↓↓↓

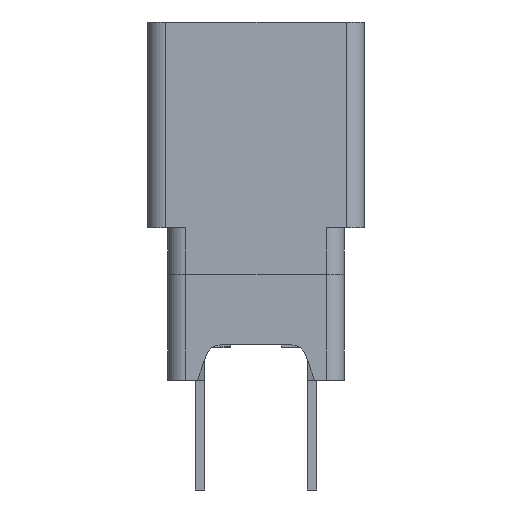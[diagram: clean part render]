
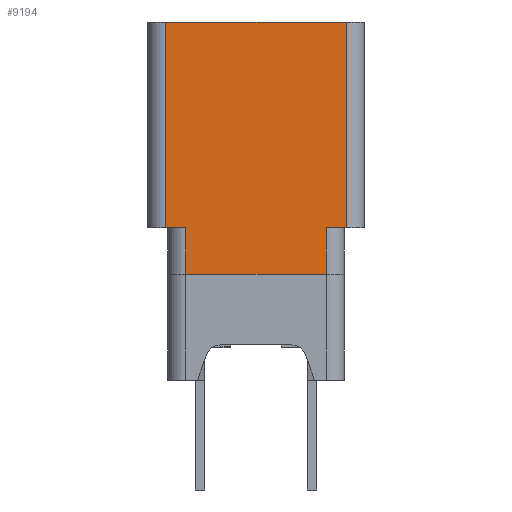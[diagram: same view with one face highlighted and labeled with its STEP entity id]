
A CAD part, left-side view. The second image highlights one B-rep face of the part: STEP entity #9194.
In plain terms, the highlighted planar face has unit normal (-1, 0, 0).
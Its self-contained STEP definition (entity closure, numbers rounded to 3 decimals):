
#3=DIRECTION('',(0.,0.,-1.));
#4=VECTOR('',#3,2.032);
#5=CARTESIAN_POINT('',(-41.402,-3.048,-8.89));
#6=LINE('',#5,#4);
#7=DIRECTION('',(0.,0.,-1.));
#8=VECTOR('',#7,2.032);
#9=CARTESIAN_POINT('',(-41.402,3.048,-8.89));
#10=LINE('',#9,#8);
#11=DIRECTION('',(0.,0.,-1.));
#12=VECTOR('',#11,8.89);
#13=CARTESIAN_POINT('',(-41.402,3.912,0.));
#14=LINE('',#13,#12);
#15=DIRECTION('',(0.,-1.,0.));
#16=VECTOR('',#15,7.823);
#17=CARTESIAN_POINT('',(-41.402,3.912,0.));
#18=LINE('',#17,#16);
#19=DIRECTION('',(0.,0.,1.));
#20=VECTOR('',#19,8.89);
#21=CARTESIAN_POINT('',(-41.402,-3.912,-8.89));
#22=LINE('',#21,#20);
#37=DIRECTION('',(0.,-1.,0.));
#38=VECTOR('',#37,0.864);
#39=CARTESIAN_POINT('',(-41.402,3.912,-8.89));
#40=LINE('',#39,#38);
#41=DIRECTION('',(0.,-1.,0.));
#42=VECTOR('',#41,0.864);
#43=CARTESIAN_POINT('',(-41.402,-3.048,-8.89));
#44=LINE('',#43,#42);
#101=DIRECTION('',(0.,1.,0.));
#102=VECTOR('',#101,6.096);
#103=CARTESIAN_POINT('',(-41.402,-3.048,-10.922));
#104=LINE('',#103,#102);
#7667=CARTESIAN_POINT('',(-41.402,-3.912,0.));
#7669=VERTEX_POINT('',#7667);
#7673=CARTESIAN_POINT('',(-41.402,-3.912,-8.89));
#7674=VERTEX_POINT('',#7673);
#7675=CARTESIAN_POINT('',(-41.402,3.912,-8.89));
#7677=VERTEX_POINT('',#7675);
#7681=CARTESIAN_POINT('',(-41.402,3.912,0.));
#7682=VERTEX_POINT('',#7681);
#7703=CARTESIAN_POINT('',(-41.402,-3.048,-10.922));
#7704=CARTESIAN_POINT('',(-41.402,3.048,-10.922));
#7705=VERTEX_POINT('',#7703);
#7706=VERTEX_POINT('',#7704);
#7716=CARTESIAN_POINT('',(-41.402,3.048,-8.89));
#7718=VERTEX_POINT('',#7716);
#7719=CARTESIAN_POINT('',(-41.402,-3.048,-8.89));
#7721=VERTEX_POINT('',#7719);
#9171=CARTESIAN_POINT('',(-41.402,0.,0.));
#9172=DIRECTION('',(1.,0.,0.));
#9173=DIRECTION('',(0.,-1.,0.));
#9174=AXIS2_PLACEMENT_3D('',#9171,#9172,#9173);
#9175=PLANE('',#9174);
#9177=ORIENTED_EDGE('',*,*,#9176,.F.);
#9179=ORIENTED_EDGE('',*,*,#9178,.T.);
#9181=ORIENTED_EDGE('',*,*,#9180,.T.);
#9183=ORIENTED_EDGE('',*,*,#9182,.F.);
#9185=ORIENTED_EDGE('',*,*,#9184,.F.);
#9187=ORIENTED_EDGE('',*,*,#9186,.F.);
#9189=ORIENTED_EDGE('',*,*,#9188,.T.);
#9191=ORIENTED_EDGE('',*,*,#9190,.F.);
#9192=EDGE_LOOP('',(#9177,#9179,#9181,#9183,#9185,#9187,#9189,#9191));
#9193=FACE_OUTER_BOUND('',#9192,.F.);
#9176=EDGE_CURVE('',#7721,#7674,#44,.T.);
#9178=EDGE_CURVE('',#7721,#7705,#6,.T.);
#9180=EDGE_CURVE('',#7705,#7706,#104,.T.);
#9182=EDGE_CURVE('',#7718,#7706,#10,.T.);
#9184=EDGE_CURVE('',#7677,#7718,#40,.T.);
#9186=EDGE_CURVE('',#7682,#7677,#14,.T.);
#9188=EDGE_CURVE('',#7682,#7669,#18,.T.);
#9190=EDGE_CURVE('',#7674,#7669,#22,.T.);
#9194=ADVANCED_FACE('',(#9193),#9175,.F.);

↑↑↑

Problem to solve
Only the lines above from the one with "A CAD part, left-side" up to and including the one with "#38=VECTOR('',#37,0.864);" should be repeated, exactly as written.

Response below
A CAD part, left-side view. The second image highlights one B-rep face of the part: STEP entity #9194.
In plain terms, the highlighted planar face has unit normal (-1, 0, 0).
Its self-contained STEP definition (entity closure, numbers rounded to 3 decimals):
#3=DIRECTION('',(0.,0.,-1.));
#4=VECTOR('',#3,2.032);
#5=CARTESIAN_POINT('',(-41.402,-3.048,-8.89));
#6=LINE('',#5,#4);
#7=DIRECTION('',(0.,0.,-1.));
#8=VECTOR('',#7,2.032);
#9=CARTESIAN_POINT('',(-41.402,3.048,-8.89));
#10=LINE('',#9,#8);
#11=DIRECTION('',(0.,0.,-1.));
#12=VECTOR('',#11,8.89);
#13=CARTESIAN_POINT('',(-41.402,3.912,0.));
#14=LINE('',#13,#12);
#15=DIRECTION('',(0.,-1.,0.));
#16=VECTOR('',#15,7.823);
#17=CARTESIAN_POINT('',(-41.402,3.912,0.));
#18=LINE('',#17,#16);
#19=DIRECTION('',(0.,0.,1.));
#20=VECTOR('',#19,8.89);
#21=CARTESIAN_POINT('',(-41.402,-3.912,-8.89));
#22=LINE('',#21,#20);
#37=DIRECTION('',(0.,-1.,0.));
#38=VECTOR('',#37,0.864);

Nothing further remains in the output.